> [EXERCISE PROMPT] In the copy, include no images, and repeat each entry precisely as written.

[Stored entries]
++++++++

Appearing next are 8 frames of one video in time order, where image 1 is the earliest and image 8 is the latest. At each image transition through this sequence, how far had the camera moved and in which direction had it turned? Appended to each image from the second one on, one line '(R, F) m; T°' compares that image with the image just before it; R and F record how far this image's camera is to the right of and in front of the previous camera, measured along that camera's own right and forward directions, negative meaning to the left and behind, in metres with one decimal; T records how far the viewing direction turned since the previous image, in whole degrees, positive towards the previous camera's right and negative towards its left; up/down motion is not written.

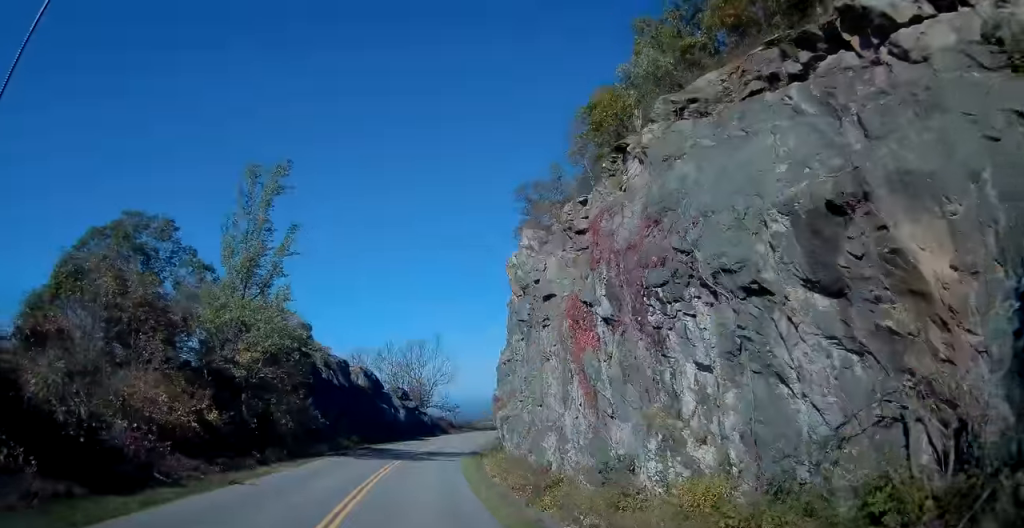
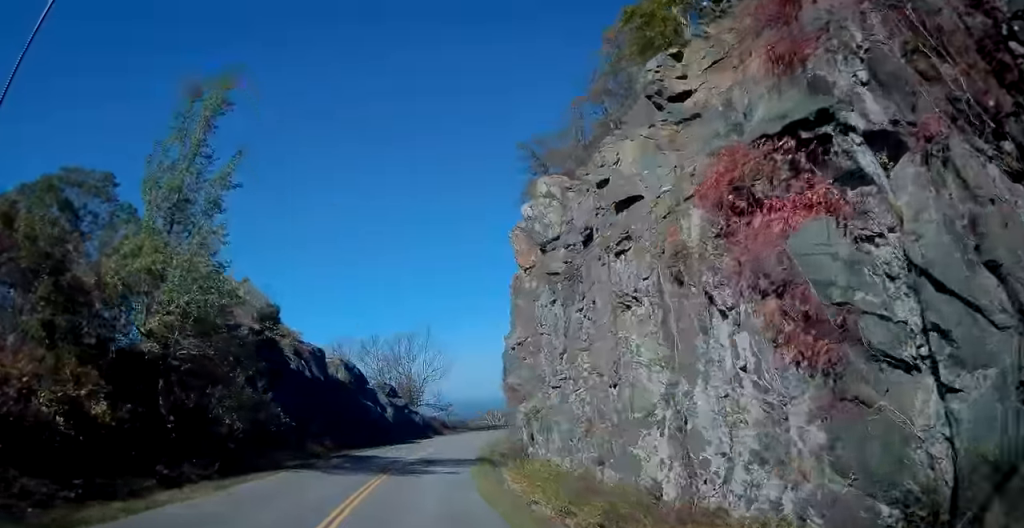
(+0.2, +8.9) m; +2°
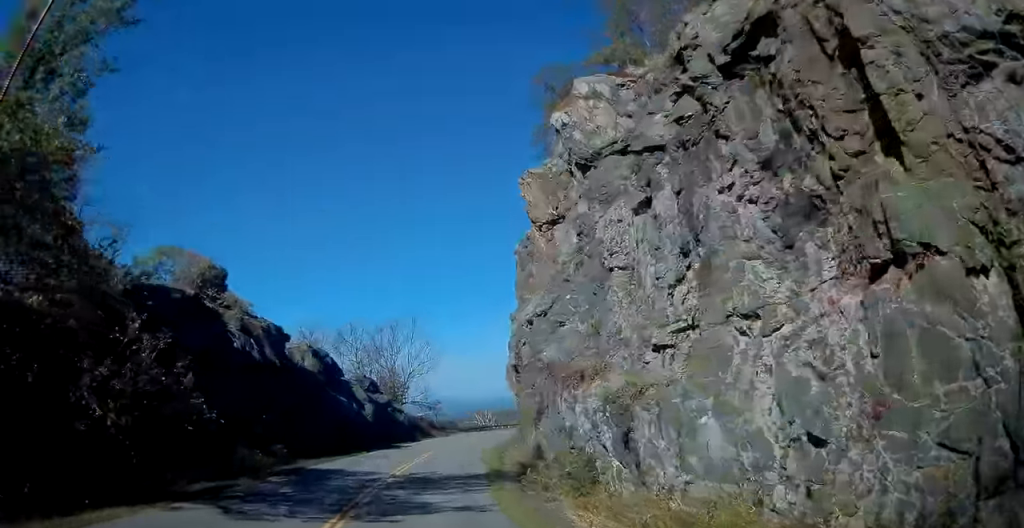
(+0.2, +10.1) m; +1°
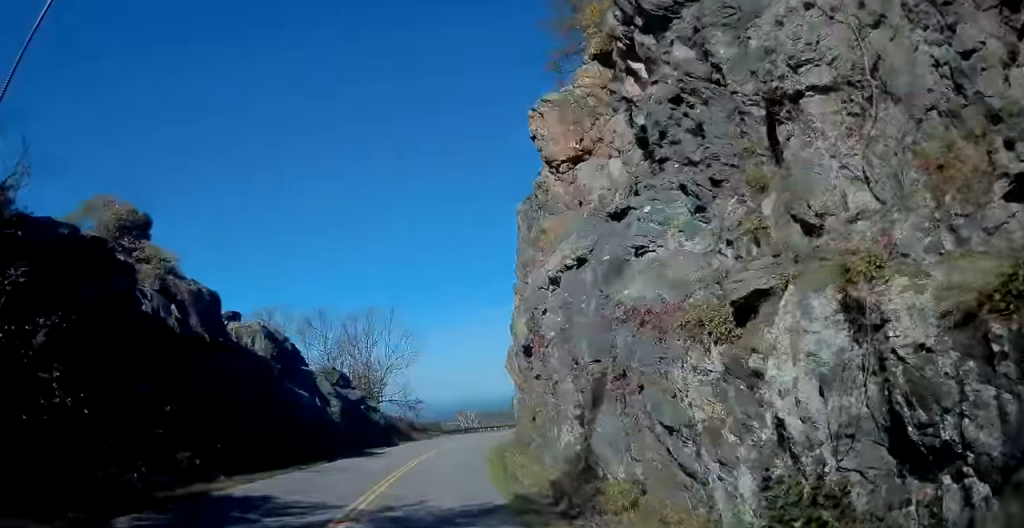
(+0.1, +8.9) m; +2°
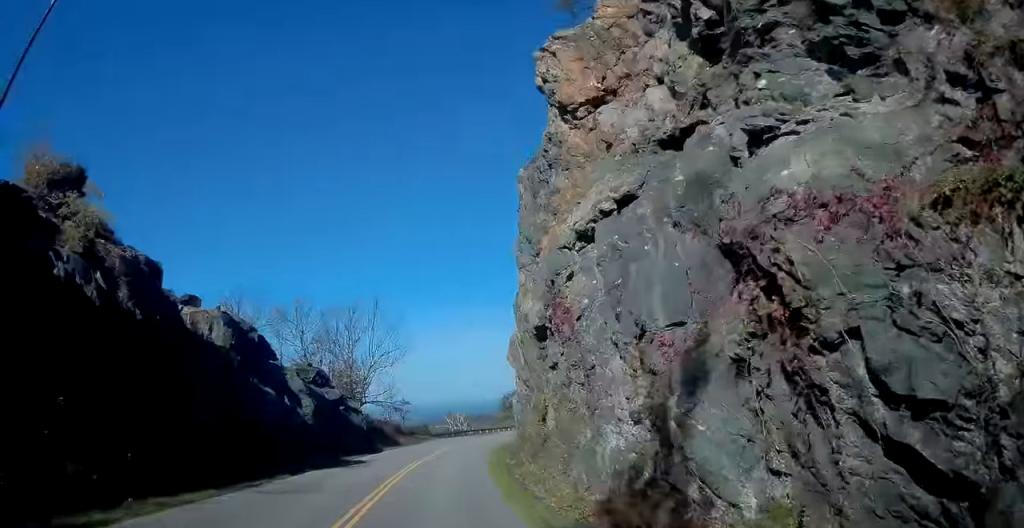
(-0.1, +5.5) m; +2°
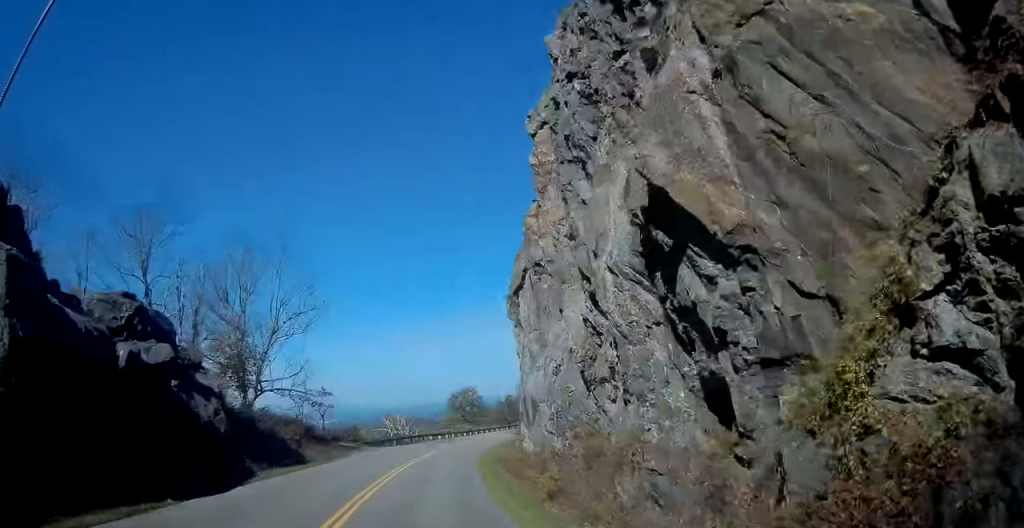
(+1.3, +23.0) m; +6°
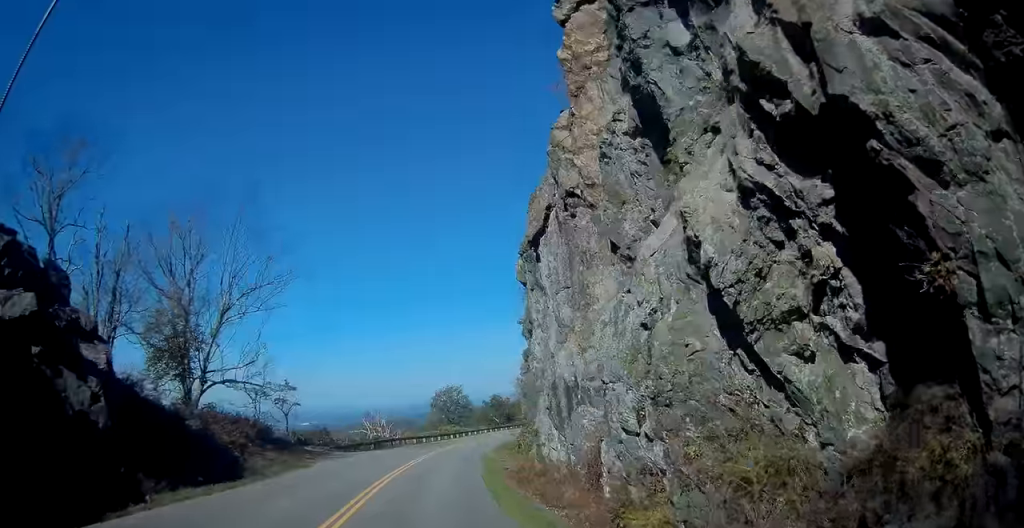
(+0.2, +7.8) m; +2°
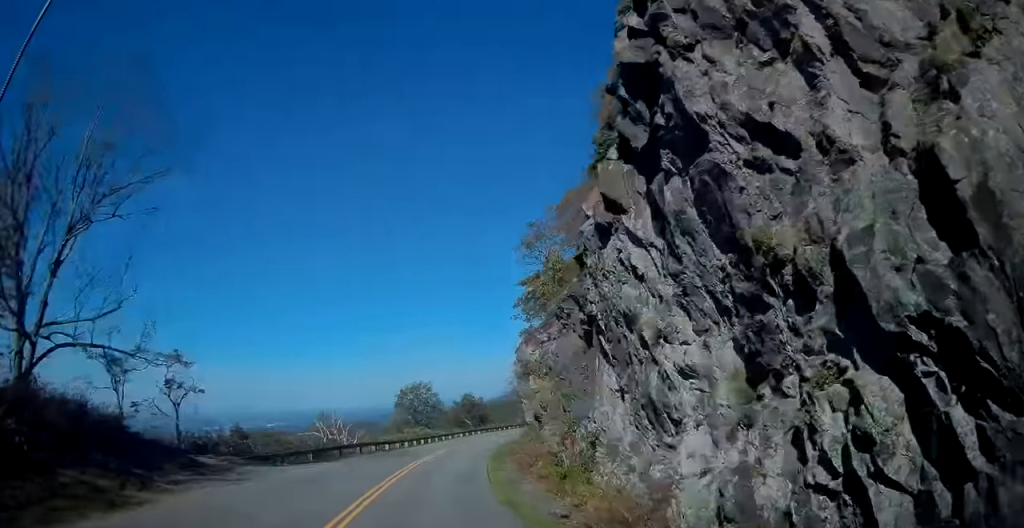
(+0.5, +14.5) m; +4°

++++++++

> [ANSWER TO THIS TASK]
Appearing next are 8 frames of one video in time order, where image 1 is the earliest and image 8 is the latest. At each image transition through this sequence, how far had the camera moved and in which direction had it turned? Appended to each image from the second one on, one line '(R, F) m; T°' compares that image with the image just before it; R and F record how far this image's camera is to the right of and in front of the previous camera, measured along that camera's own right and forward directions, negative meaning to the left and behind, in metres with one decimal; T records how far the viewing direction turned since the previous image, in whole degrees, positive towards the previous camera's right and negative towards its left; up/down motion is not written.

(+0.2, +8.9) m; +2°
(+0.2, +10.1) m; +1°
(+0.1, +8.9) m; +2°
(-0.1, +5.5) m; +2°
(+1.3, +23.0) m; +6°
(+0.2, +7.8) m; +2°
(+0.5, +14.5) m; +4°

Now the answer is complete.